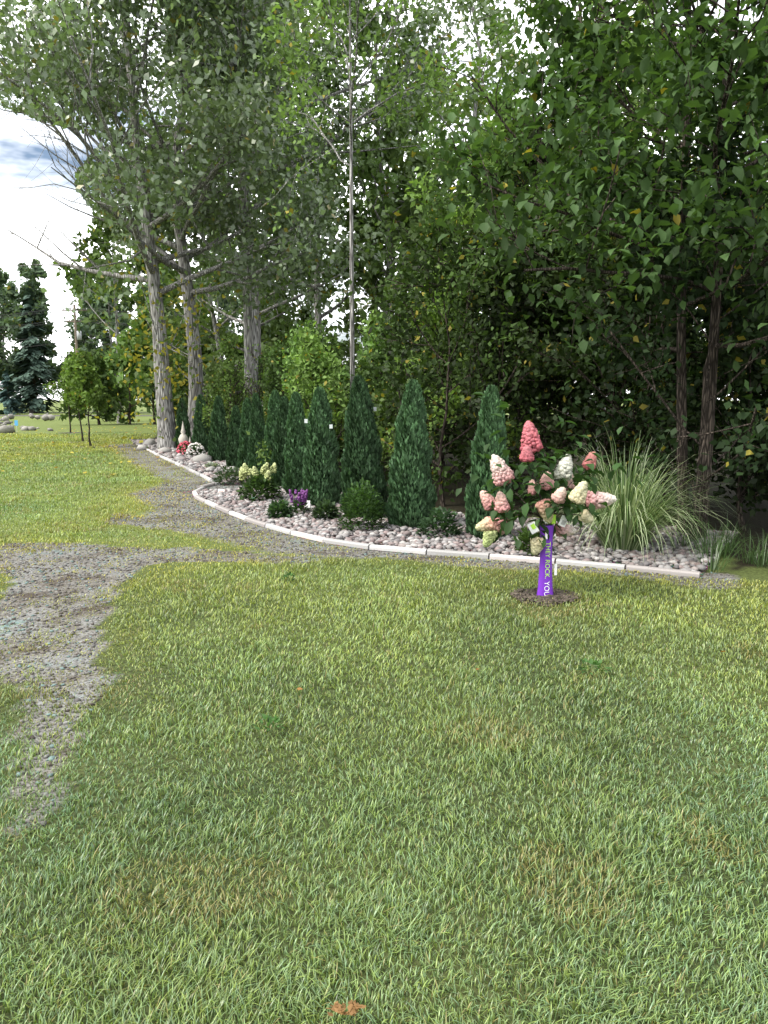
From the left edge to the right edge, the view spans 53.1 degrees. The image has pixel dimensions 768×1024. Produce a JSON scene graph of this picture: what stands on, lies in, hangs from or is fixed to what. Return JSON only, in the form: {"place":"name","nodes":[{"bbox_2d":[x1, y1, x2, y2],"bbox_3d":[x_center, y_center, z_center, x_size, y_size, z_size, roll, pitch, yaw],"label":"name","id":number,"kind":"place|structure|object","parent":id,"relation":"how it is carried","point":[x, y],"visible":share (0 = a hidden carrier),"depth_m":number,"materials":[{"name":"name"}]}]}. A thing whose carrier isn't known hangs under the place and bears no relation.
{"place":"outdoors","nodes":[
{"label":"outdoors","id":0,"kind":"place"},
{"bbox_2d":[0,400,767,1023],"bbox_3d":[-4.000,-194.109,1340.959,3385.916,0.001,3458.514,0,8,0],"label":"ground","id":1,"kind":"structure","parent":0,"point":[740,568],"depth_m":3.33,"materials":[{"name":"green plant"}]},
{"bbox_2d":[0,369,28,414],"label":"blue spruce","id":2,"kind":"object","parent":1,"relation":"on","point":[6,393],"visible":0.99,"depth_m":79.22,"materials":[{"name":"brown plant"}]},
{"bbox_2d":[0,413,54,432],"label":"boulders","id":3,"kind":"object","parent":1,"relation":"on","point":[4,428],"visible":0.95,"depth_m":45.07,"materials":[{"name":"stone"}]},
{"bbox_2d":[0,268,56,412],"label":"tree","id":4,"kind":"object","parent":1,"relation":"on","point":[6,304],"visible":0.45,"depth_m":89.68,"materials":[{"name":"green plant"}]},
{"bbox_2d":[0,257,61,412],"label":"tree","id":5,"kind":"object","parent":1,"relation":"on","point":[32,273],"visible":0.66,"depth_m":86.24,"materials":[{"name":"green plant"}]},
{"bbox_2d":[8,288,63,412],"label":"tall spruce","id":6,"kind":"object","parent":1,"relation":"on","point":[32,389],"visible":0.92,"depth_m":85.54,"materials":[{"name":"green plant"}]},
{"bbox_2d":[42,354,80,432],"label":"tree","id":7,"kind":"object","parent":1,"relation":"on","point":[60,381],"visible":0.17,"depth_m":34.62,"materials":[{"name":"green plant"}]},
{"bbox_2d":[58,348,96,442],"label":"tree","id":8,"kind":"object","parent":1,"relation":"on","point":[69,362],"visible":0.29,"depth_m":26.80,"materials":[{"name":"green plant"}]},
{"bbox_2d":[47,265,123,412],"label":"tree","id":9,"kind":"object","parent":1,"relation":"on","point":[80,326],"visible":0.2,"depth_m":87.31,"materials":[{"name":"green plant"}]},
{"bbox_2d":[63,348,113,447],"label":"tree","id":10,"kind":"object","parent":1,"relation":"on","point":[87,388],"visible":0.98,"depth_m":24.20,"materials":[{"name":"green plant"}]},
{"bbox_2d":[56,348,121,424],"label":"shrub","id":11,"kind":"object","parent":1,"relation":"on","point":[98,360],"visible":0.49,"depth_m":46.16,"materials":[{"name":"green plant"}]},
{"bbox_2d":[53,211,161,422],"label":"thin tree","id":12,"kind":"object","parent":1,"relation":"on","point":[100,236],"visible":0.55,"depth_m":47.64,"materials":[{"name":"green plant"}]},
{"bbox_2d":[78,257,155,407],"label":"tree","id":13,"kind":"object","parent":1,"relation":"on","point":[96,330],"visible":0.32,"depth_m":85.88,"materials":[{"name":"green plant"}]},
{"bbox_2d":[0,304,243,398],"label":"utility pole","id":14,"kind":"object","parent":1,"relation":"on","point":[78,335],"visible":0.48,"depth_m":71.12,"materials":[{"name":"wood"}]},
{"bbox_2d":[95,330,155,424],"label":"shrub","id":15,"kind":"object","parent":1,"relation":"on","point":[123,392],"visible":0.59,"depth_m":46.88,"materials":[{"name":"green plant"}]},
{"bbox_2d":[118,297,187,424],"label":"shrub","id":16,"kind":"object","parent":1,"relation":"on","point":[130,344],"visible":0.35,"depth_m":45.76,"materials":[{"name":"green plant"}]},
{"bbox_2d":[71,175,257,448],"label":"cottonwood shoots","id":17,"kind":"object","parent":1,"relation":"on","point":[170,347],"visible":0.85,"depth_m":22.70,"materials":[{"name":"green plant"}]},
{"bbox_2d":[142,315,213,414],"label":"shrub","id":18,"kind":"object","parent":1,"relation":"on","point":[178,391],"visible":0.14,"depth_m":42.84,"materials":[{"name":"green plant"}]},
{"bbox_2d":[0,0,373,447],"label":"cottonwood tree","id":19,"kind":"object","parent":1,"relation":"on","point":[62,13],"visible":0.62,"depth_m":20.87,"materials":[{"name":"green plant"}]},
{"bbox_2d":[176,441,205,455],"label":"flowers","id":20,"kind":"object","parent":1,"relation":"on","point":[190,448],"visible":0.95,"depth_m":20.21,"materials":[{"name":"white plant"}]},
{"bbox_2d":[0,0,396,437],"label":"cottonwood tree","id":21,"kind":"object","parent":1,"relation":"on","point":[156,183],"visible":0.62,"depth_m":20.63,"materials":[{"name":"green plant"}]},
{"bbox_2d":[170,301,241,412],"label":"shrub","id":22,"kind":"object","parent":1,"relation":"on","point":[203,351],"visible":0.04,"depth_m":43.82,"materials":[{"name":"green plant"}]},
{"bbox_2d":[134,145,289,394],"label":"tree","id":23,"kind":"object","parent":1,"relation":"on","point":[179,307],"visible":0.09,"depth_m":39.48,"materials":[{"name":"green plant"}]},
{"bbox_2d":[178,250,269,368],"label":"tree","id":24,"kind":"object","parent":1,"relation":"on","point":[227,309],"visible":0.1,"depth_m":79.42,"materials":[{"name":"green plant"}]},
{"bbox_2d":[196,328,253,439],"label":"understory shrub","id":25,"kind":"object","parent":1,"relation":"on","point":[224,375],"visible":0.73,"depth_m":21.37,"materials":[{"name":"green plant"}]},
{"bbox_2d":[110,17,347,343],"bbox_3d":[-5.955,-14.306,36.053,9.610,21.175,10.907,8,11,43],"label":"tree","id":26,"kind":"object","parent":1,"relation":"on","point":[267,321],"visible":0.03,"depth_m":36.42,"materials":[{"name":"green plant"}]},
{"bbox_2d":[210,465,248,484],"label":"shrub","id":27,"kind":"object","parent":1,"relation":"on","point":[230,471],"visible":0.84,"depth_m":13.75,"materials":[{"name":"green plant"}]},
{"bbox_2d":[215,359,253,428],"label":"understory shrub","id":28,"kind":"object","parent":1,"relation":"on","point":[240,389],"visible":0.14,"depth_m":23.77,"materials":[{"name":"green plant"}]},
{"bbox_2d":[228,342,274,417],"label":"understory shrub","id":29,"kind":"object","parent":1,"relation":"on","point":[265,351],"visible":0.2,"depth_m":20.93,"materials":[{"name":"green plant"}]},
{"bbox_2d":[130,3,394,405],"bbox_3d":[-4.655,-14.576,29.033,10.132,23.693,10.712,-2,9,-15],"label":"tree","id":30,"kind":"object","parent":1,"relation":"on","point":[336,275],"visible":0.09,"depth_m":29.71,"materials":[{"name":"green plant"}]},
{"bbox_2d":[176,145,349,405],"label":"tree","id":31,"kind":"object","parent":1,"relation":"on","point":[207,338],"visible":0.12,"depth_m":40.19,"materials":[{"name":"green plant"}]},
{"bbox_2d":[270,396,288,486],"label":"arborvitae","id":32,"kind":"object","parent":1,"relation":"on","point":[279,436],"visible":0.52,"depth_m":12.95,"materials":[{"name":"green plant"}]},
{"bbox_2d":[8,0,564,396],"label":"cottonwood tree","id":33,"kind":"object","parent":1,"relation":"on","point":[250,336],"visible":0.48,"depth_m":24.42,"materials":[{"name":"green plant"}]},
{"bbox_2d":[207,137,367,391],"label":"tree","id":34,"kind":"object","parent":1,"relation":"on","point":[325,323],"visible":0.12,"depth_m":43.52,"materials":[{"name":"green plant"}]},
{"bbox_2d":[116,0,464,341],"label":"tree","id":35,"kind":"object","parent":1,"relation":"on","point":[321,316],"visible":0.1,"depth_m":31.85,"materials":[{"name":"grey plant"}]},
{"bbox_2d":[241,336,344,436],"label":"understory shrub","id":36,"kind":"object","parent":1,"relation":"on","point":[269,383],"visible":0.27,"depth_m":18.50,"materials":[{"name":"green plant"}]},
{"bbox_2d":[246,322,349,464],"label":"understory shrub","id":37,"kind":"object","parent":1,"relation":"on","point":[318,370],"visible":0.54,"depth_m":13.86,"materials":[{"name":"green plant"}]},
{"bbox_2d":[265,315,349,429],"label":"understory shrub","id":38,"kind":"object","parent":1,"relation":"on","point":[289,360],"visible":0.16,"depth_m":15.41,"materials":[{"name":"green plant"}]},
{"bbox_2d":[223,0,475,389],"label":"thin tree","id":39,"kind":"object","parent":1,"relation":"on","point":[335,16],"visible":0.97,"depth_m":13.74,"materials":[{"name":"green plant"}]},
{"bbox_2d":[0,427,724,1015],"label":"fallen leaves","id":40,"kind":"object","parent":1,"relation":"on","point":[354,1007],"visible":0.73,"depth_m":1.85,"materials":[{"name":"orange plant"}]},
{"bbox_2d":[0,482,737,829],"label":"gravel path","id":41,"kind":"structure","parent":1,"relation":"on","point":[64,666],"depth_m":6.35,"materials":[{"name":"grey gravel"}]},
{"bbox_2d":[345,301,398,462],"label":"understory shrub","id":42,"kind":"object","parent":1,"relation":"on","point":[368,321],"depth_m":16.71,"materials":[{"name":"green plant"}]},
{"bbox_2d":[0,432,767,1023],"bbox_3d":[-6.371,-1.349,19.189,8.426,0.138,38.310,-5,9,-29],"label":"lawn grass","id":43,"kind":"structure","parent":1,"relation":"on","point":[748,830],"depth_m":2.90,"materials":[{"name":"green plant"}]},
{"bbox_2d":[335,314,438,474],"bbox_3d":[-0.202,-2.165,15.368,2.850,3.485,2.645,0,8,0],"label":"understory shrub","id":44,"kind":"object","parent":1,"relation":"on","point":[369,343],"visible":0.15,"depth_m":15.00,"materials":[{"name":"green plant"}]},
{"bbox_2d":[327,109,458,366],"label":"tree","id":45,"kind":"object","parent":1,"relation":"on","point":[404,209],"visible":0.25,"depth_m":32.36,"materials":[{"name":"green plant"}]},
{"bbox_2d":[302,0,484,328],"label":"tree","id":46,"kind":"object","parent":1,"relation":"on","point":[380,186],"visible":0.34,"depth_m":30.77,"materials":[{"name":"green plant"}]},
{"bbox_2d":[347,93,453,339],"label":"tree","id":47,"kind":"object","parent":1,"relation":"on","point":[407,150],"visible":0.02,"depth_m":39.27,"materials":[{"name":"green plant"}]},
{"bbox_2d":[329,69,480,333],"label":"tree","id":48,"kind":"object","parent":1,"relation":"on","point":[339,310],"visible":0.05,"depth_m":44.47,"materials":[{"name":"green plant"}]},
{"bbox_2d":[129,439,722,577],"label":"bed soil","id":49,"kind":"structure","parent":1,"relation":"on","point":[191,494],"depth_m":8.20,"materials":[{"name":"brown soil"}]},
{"bbox_2d":[136,439,214,470],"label":"rocks","id":50,"kind":"object","parent":49,"relation":"on","point":[203,457],"visible":0.69,"depth_m":21.39,"materials":[{"name":"stone"}]},
{"bbox_2d":[175,398,192,447],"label":"arborvitae","id":51,"kind":"object","parent":49,"relation":"on","point":[182,416],"visible":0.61,"depth_m":22.80,"materials":[{"name":"green plant"}]},
{"bbox_2d":[191,394,209,451],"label":"arborvitae","id":52,"kind":"object","parent":49,"relation":"on","point":[199,435],"visible":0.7,"depth_m":21.04,"materials":[{"name":"green plant"}]},
{"bbox_2d":[208,395,228,460],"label":"arborvitae","id":53,"kind":"object","parent":49,"relation":"on","point":[217,440],"visible":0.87,"depth_m":18.20,"materials":[{"name":"green plant"}]},
{"bbox_2d":[224,405,240,466],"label":"arborvitae","id":54,"kind":"object","parent":49,"relation":"on","point":[231,451],"visible":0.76,"depth_m":16.61,"materials":[{"name":"green plant"}]},
{"bbox_2d":[236,397,251,466],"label":"arborvitae","id":55,"kind":"object","parent":49,"relation":"on","point":[242,453],"visible":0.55,"depth_m":15.54,"materials":[{"name":"green plant"}]},
{"bbox_2d":[248,393,264,470],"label":"arborvitae","id":56,"kind":"object","parent":49,"relation":"on","point":[257,424],"visible":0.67,"depth_m":14.87,"materials":[{"name":"green plant"}]},
{"bbox_2d":[236,462,283,501],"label":"hydrangea","id":57,"kind":"object","parent":49,"relation":"on","point":[257,480],"visible":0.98,"depth_m":11.31,"materials":[{"name":"green plant"}]},
{"bbox_2d":[261,389,279,479],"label":"arborvitae","id":58,"kind":"object","parent":49,"relation":"on","point":[273,403],"visible":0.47,"depth_m":13.82,"materials":[{"name":"green plant"}]},
{"bbox_2d":[266,498,294,518],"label":"shrub","id":59,"kind":"object","parent":49,"relation":"on","point":[278,507],"visible":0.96,"depth_m":9.62,"materials":[{"name":"green plant"}]},
{"bbox_2d":[281,391,306,495],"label":"arborvitae","id":60,"kind":"object","parent":49,"relation":"on","point":[293,452],"visible":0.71,"depth_m":11.84,"materials":[{"name":"green plant"}]},
{"bbox_2d":[289,489,310,513],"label":"purple perennial","id":61,"kind":"object","parent":49,"relation":"on","point":[299,501],"visible":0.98,"depth_m":10.00,"materials":[{"name":"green plant"}]},
{"bbox_2d":[301,386,342,505],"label":"arborvitae","id":62,"kind":"object","parent":49,"relation":"on","point":[322,475],"visible":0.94,"depth_m":10.62,"materials":[{"name":"green plant"}]},
{"bbox_2d":[309,498,340,519],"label":"shrub","id":63,"kind":"object","parent":49,"relation":"on","point":[329,508],"visible":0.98,"depth_m":9.54,"materials":[{"name":"green plant"}]},
{"bbox_2d":[337,477,389,531],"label":"boxwood shrub","id":64,"kind":"object","parent":49,"relation":"on","point":[358,499],"visible":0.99,"depth_m":8.77,"materials":[{"name":"green plant"}]},
{"bbox_2d":[340,374,388,519],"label":"arborvitae","id":65,"kind":"object","parent":49,"relation":"on","point":[361,457],"visible":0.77,"depth_m":9.41,"materials":[{"name":"green plant"}]},
{"bbox_2d":[384,379,437,529],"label":"arborvitae","id":66,"kind":"object","parent":49,"relation":"on","point":[412,499],"visible":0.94,"depth_m":8.76,"materials":[{"name":"green plant"}]},
{"bbox_2d":[136,444,699,577],"bbox_3d":[-3.806,-0.780,15.624,2.383,0.074,22.383,-5,10,-29],"label":"garden edging","id":67,"kind":"object","parent":49,"relation":"on","point":[581,563],"visible":0.77,"depth_m":7.54,"materials":[{"name":"grey concrete"}]},
{"bbox_2d":[132,439,737,573],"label":"river rock stones","id":68,"kind":"object","parent":49,"relation":"on","point":[571,549],"visible":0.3,"depth_m":8.21,"materials":[{"name":"grey stone"}]},
{"bbox_2d":[416,506,463,540],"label":"shrub","id":69,"kind":"object","parent":49,"relation":"on","point":[440,513],"visible":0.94,"depth_m":8.27,"materials":[{"name":"green plant"}]},
{"bbox_2d":[464,384,514,538],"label":"arborvitae","id":70,"kind":"object","parent":49,"relation":"on","point":[487,427],"visible":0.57,"depth_m":8.11,"materials":[{"name":"green plant"}]},
{"bbox_2d":[513,525,553,555],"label":"shrub","id":71,"kind":"object","parent":49,"relation":"on","point":[524,537],"visible":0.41,"depth_m":7.43,"materials":[{"name":"green plant"}]},
{"bbox_2d":[405,0,767,536],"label":"tree","id":72,"kind":"object","parent":49,"relation":"on","point":[550,10],"visible":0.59,"depth_m":7.43,"materials":[{"name":"green plant"}]},
{"bbox_2d":[436,0,767,537],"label":"tree","id":73,"kind":"object","parent":49,"relation":"on","point":[756,78],"visible":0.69,"depth_m":6.83,"materials":[{"name":"green plant"}]},
{"bbox_2d":[525,425,749,561],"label":"ornamental grass","id":74,"kind":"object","parent":49,"relation":"on","point":[629,518],"depth_m":7.36,"materials":[{"name":"green plant"}]},
{"bbox_2d":[343,262,515,499],"bbox_3d":[0.641,-2.232,12.810,2.547,3.963,3.869,-1,8,-10],"label":"understory shrub","id":75,"kind":"object","parent":1,"relation":"on","point":[368,366],"visible":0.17,"depth_m":12.86,"materials":[{"name":"green plant"}]},
{"bbox_2d":[252,571,612,731],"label":"lawn weeds","id":76,"kind":"object","parent":1,"relation":"on","point":[275,718],"visible":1,"depth_m":4.17,"materials":[{"name":"green plant"}]},
{"bbox_2d":[345,0,550,321],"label":"tree","id":77,"kind":"object","parent":1,"relation":"on","point":[498,25],"visible":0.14,"depth_m":33.51,"materials":[{"name":"green plant"}]},
{"bbox_2d":[396,68,499,320],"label":"tree","id":78,"kind":"object","parent":1,"relation":"on","point":[461,102],"visible":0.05,"depth_m":41.68,"materials":[{"name":"green plant"}]},
{"bbox_2d":[334,110,573,467],"bbox_3d":[1.137,-3.248,12.236,4.088,5.944,4.064,0,8,0],"label":"tree","id":79,"kind":"object","parent":1,"relation":"on","point":[487,163],"visible":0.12,"depth_m":11.63,"materials":[{"name":"green plant"}]},
{"bbox_2d":[372,291,540,480],"bbox_3d":[1.054,-2.255,14.133,3.696,4.028,1.956,0,8,0],"label":"understory shrub","id":80,"kind":"object","parent":1,"relation":"on","point":[386,435],"visible":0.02,"depth_m":14.16,"materials":[{"name":"green plant"}]},
{"bbox_2d":[375,254,551,495],"bbox_3d":[0.940,-2.078,11.679,2.271,3.798,3.050,-4,9,-27],"label":"understory shrub","id":81,"kind":"object","parent":1,"relation":"on","point":[454,400],"visible":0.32,"depth_m":11.39,"materials":[{"name":"green plant"}]},
{"bbox_2d":[367,181,579,506],"bbox_3d":[1.127,-2.288,10.901,2.749,4.432,2.972,0,8,0],"label":"tree","id":82,"kind":"object","parent":1,"relation":"on","point":[463,274],"visible":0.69,"depth_m":10.38,"materials":[{"name":"green plant"}]},
{"bbox_2d":[372,64,599,463],"bbox_3d":[3.113,-4.285,14.858,6.099,7.242,4.817,-8,11,-43],"label":"tree","id":83,"kind":"object","parent":1,"relation":"on","point":[502,175],"visible":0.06,"depth_m":13.50,"materials":[{"name":"green plant"}]},
{"bbox_2d":[425,214,583,475],"bbox_3d":[1.335,-2.105,10.914,2.499,4.057,2.876,-6,10,-36],"label":"understory shrub","id":84,"kind":"object","parent":1,"relation":"on","point":[524,303],"visible":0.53,"depth_m":10.30,"materials":[{"name":"green plant"}]},
{"bbox_2d":[348,0,681,489],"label":"young tree","id":85,"kind":"object","parent":1,"relation":"on","point":[504,57],"visible":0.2,"depth_m":10.67,"materials":[{"name":"green plant"}]},
{"bbox_2d":[435,177,616,495],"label":"tree","id":86,"kind":"object","parent":1,"relation":"on","point":[554,278],"visible":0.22,"depth_m":10.90,"materials":[{"name":"green plant"}]},
{"bbox_2d":[436,15,630,454],"bbox_3d":[3.171,-4.823,14.792,3.666,8.369,3.706,-2,9,-13],"label":"young tree","id":87,"kind":"object","parent":1,"relation":"on","point":[531,175],"visible":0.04,"depth_m":13.64,"materials":[{"name":"green plant"}]},
{"bbox_2d":[368,88,702,478],"bbox_3d":[2.681,-3.537,12.477,5.230,6.459,3.605,5,9,29],"label":"tree","id":88,"kind":"object","parent":1,"relation":"on","point":[553,122],"visible":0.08,"depth_m":12.16,"materials":[{"name":"green plant"}]},
{"bbox_2d":[510,587,584,605],"bbox_3d":[1.223,0.639,5.894,0.544,0.039,0.507,5,10,33],"label":"mulch ring","id":89,"kind":"object","parent":1,"relation":"on","point":[526,594],"visible":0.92,"depth_m":5.83,"materials":[{"name":"brown soil"}]},
{"bbox_2d":[455,369,655,595],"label":"hydrangea tree","id":90,"kind":"object","parent":89,"relation":"on","point":[545,507],"visible":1,"depth_m":5.76,"materials":[{"name":"pink plant"}]},
{"bbox_2d":[431,138,702,501],"bbox_3d":[2.482,-2.472,11.290,4.301,5.657,3.116,0,8,0],"label":"tree","id":91,"kind":"object","parent":1,"relation":"on","point":[460,462],"visible":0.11,"depth_m":10.89,"materials":[{"name":"green plant"}]},
{"bbox_2d":[501,240,652,463],"bbox_3d":[3.421,-2.540,13.412,3.096,4.213,2.699,5,10,30],"label":"understory shrub","id":92,"kind":"object","parent":1,"relation":"on","point":[568,439],"visible":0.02,"depth_m":13.15,"materials":[{"name":"green plant"}]},
{"bbox_2d":[511,209,691,476],"bbox_3d":[3.796,-2.646,12.901,3.528,4.569,2.856,0,8,0],"label":"understory shrub","id":93,"kind":"object","parent":1,"relation":"on","point":[561,408],"visible":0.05,"depth_m":12.34,"materials":[{"name":"green plant"}]},
{"bbox_2d":[512,182,722,495],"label":"tree","id":94,"kind":"object","parent":1,"relation":"on","point":[573,359],"visible":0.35,"depth_m":9.51,"materials":[{"name":"green plant"}]},
{"bbox_2d":[528,239,742,486],"bbox_3d":[3.595,-2.010,10.911,2.378,3.889,3.285,-3,9,-18],"label":"understory shrub","id":95,"kind":"object","parent":1,"relation":"on","point":[610,266],"visible":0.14,"depth_m":10.51,"materials":[{"name":"green plant"}]},
{"bbox_2d":[529,180,767,515],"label":"tree","id":96,"kind":"object","parent":1,"relation":"on","point":[633,405],"visible":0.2,"depth_m":9.36,"materials":[{"name":"green plant"}]},
{"bbox_2d":[560,113,767,539],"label":"tree","id":97,"kind":"object","parent":1,"relation":"on","point":[668,301],"visible":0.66,"depth_m":7.69,"materials":[{"name":"green plant"}]},
{"bbox_2d":[568,0,767,500],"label":"young tree","id":98,"kind":"object","parent":1,"relation":"on","point":[641,103],"visible":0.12,"depth_m":10.96,"materials":[{"name":"green plant"}]},
{"bbox_2d":[612,15,767,475],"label":"young tree","id":99,"kind":"object","parent":1,"relation":"on","point":[740,161],"visible":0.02,"depth_m":11.33,"materials":[{"name":"green plant"}]},
{"bbox_2d":[627,256,767,529],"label":"understory shrub","id":100,"kind":"object","parent":1,"relation":"on","point":[744,481],"visible":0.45,"depth_m":8.55,"materials":[{"name":"green plant"}]},
{"bbox_2d":[657,513,767,573],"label":"tall weed grass","id":101,"kind":"structure","parent":1,"relation":"on","point":[719,547],"depth_m":7.24,"materials":[{"name":"green plant"}]},
{"bbox_2d":[664,199,767,486],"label":"understory shrub","id":102,"kind":"object","parent":1,"relation":"on","point":[755,368],"visible":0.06,"depth_m":9.23,"materials":[{"name":"green plant"}]},
{"bbox_2d":[691,235,767,478],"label":"understory shrub","id":103,"kind":"object","parent":1,"relation":"on","point":[716,457],"visible":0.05,"depth_m":10.31,"materials":[{"name":"green plant"}]},
{"bbox_2d":[0,0,767,399],"label":"sky","id":104,"kind":"structure","parent":0,"point":[17,158],"materials":[{"name":"white"}]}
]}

» **WHAT IS BEING ASKED**: Among the entries above, some lines may hold the string "grey". State how many, and give nothing but the number.

» **WRITTEN RESPONSE**: 4